───── Given data

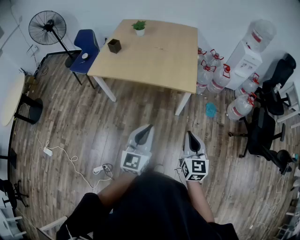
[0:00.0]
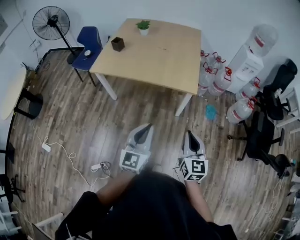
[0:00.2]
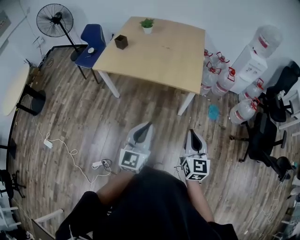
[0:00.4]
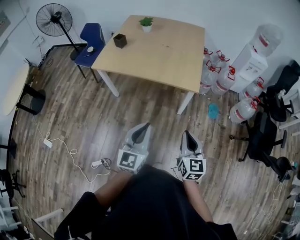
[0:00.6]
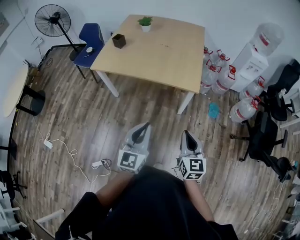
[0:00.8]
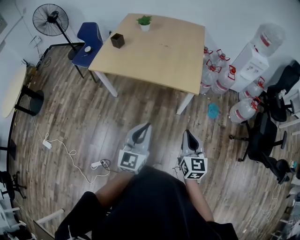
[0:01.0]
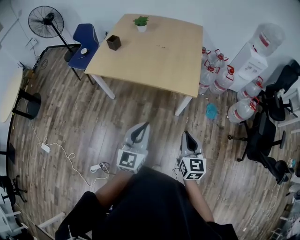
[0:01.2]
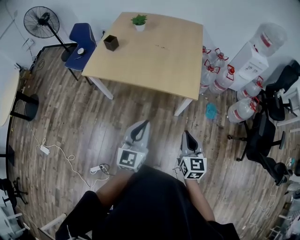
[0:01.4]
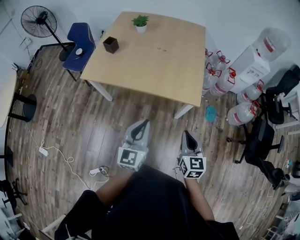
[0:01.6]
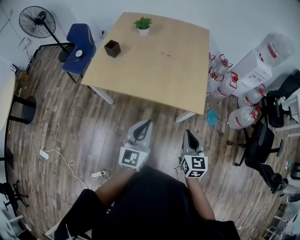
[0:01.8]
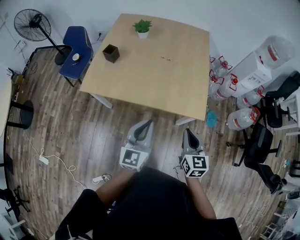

──────────

What the task asks: Give back the whole listing as it stands, minus its pictures.

Written solution:
[0:00.0]
[0:00.2]
[0:00.4]
[0:00.6]
[0:00.8]
[0:01.0]
[0:01.2]
[0:01.4]
[0:01.6]
[0:01.8]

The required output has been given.